* [To do]
Go through the material and copy every line in which "right" appears.

* [Data extract]

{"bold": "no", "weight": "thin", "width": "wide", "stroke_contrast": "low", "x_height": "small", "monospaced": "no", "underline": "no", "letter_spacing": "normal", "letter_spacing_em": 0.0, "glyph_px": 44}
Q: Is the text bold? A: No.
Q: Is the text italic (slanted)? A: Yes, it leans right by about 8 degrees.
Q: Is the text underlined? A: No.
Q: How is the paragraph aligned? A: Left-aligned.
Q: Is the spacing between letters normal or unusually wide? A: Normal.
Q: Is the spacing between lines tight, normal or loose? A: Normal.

==

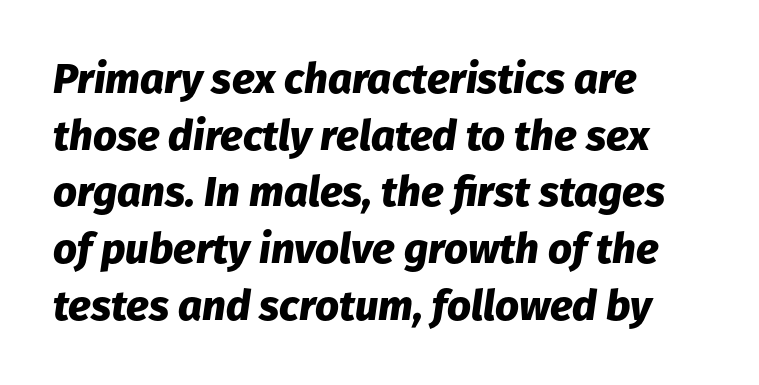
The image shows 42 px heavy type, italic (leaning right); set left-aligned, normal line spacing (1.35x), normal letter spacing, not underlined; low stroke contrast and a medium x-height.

* [Task answer]
Q: Is the text italic (slanted)? A: Yes, it leans right by about 8 degrees.
The image shows 42 px heavy type, italic (leaning right); set left-aligned, normal line spacing (1.35x), normal letter spacing, not underlined; low stroke contrast and a medium x-height.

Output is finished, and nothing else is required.